OP, the hackamore doesn't have much to do with why the horse is behaving as she is in the video. 

It's apparent that before the man ever mounts that there will be problems, it wouldn't matter what equipment was on or off of the horse. The hackamore is obviously being used incorrectly and the saddle does not fit, but there would be issues regardless. 

This horses needed a loose rein. I did not see this horse go to buck once. I did see a horse that I was worried would try flipping over backwards at one point. Beyond that, it's obvious that this horse wasn't inclined to go forward, and pulling back the entire time was only making the issue worse. I would have turned the horses head off to the side and used a dressage whip to back up my leg to get that butt moving, first by disengaging the horse to get the horse used to moving off pressure in a safe spot then forward. Unfortunately, a hackamore with shanks that length aren't conductive to what needed to happen. 

Hackamores are perfectly fine to ride in if the rider has educated hands and the horse is prepared for that piece of equipment. This, was neither of those things. 

OP, if you are wondering how your mare would do in a hack now, start in a side pull on the ground to ensure that you can flex her head and that she understands the pressure. Then ride her as you would a green horse as it will be a new feel for her. Think of a sidepull as the snaffle equivalent in the bitless world and a mechanical hack such as this as a curb bit.


----------



## tinyliny (Oct 31, 2009)

yes, that horse needs to go forward, forward, forward. 

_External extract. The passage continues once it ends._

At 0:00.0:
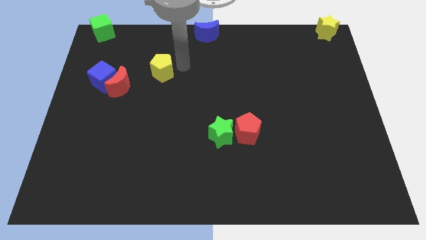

but, back to the pro's and cons of Hackamores . . . .


----------



## HarleyWood (Oct 14, 2011)

i have a little s hack for my quarter horse and he usually has a short shank dog bone that was the only thing he would listen in. and i got the hackamore at an auction for $5 with a bridle and reins thinking it may work and he loves it. hes calm and relaxed with it but he still can work in it. and i can put his bit in and hes just the same. i use to ride with a halter but he could still just walk out of it. ill be using the hackamore this winter on him and possibly my other two so the bits arent frozen icicles for them. i only let a few people ride my horses that i know arent going to be harsh with them because Harley does have a shank... and i dont need them to have someone pulling on their mouths.


----------



## Run4Home2012 (Nov 19, 2014)

Thanks everyone


----------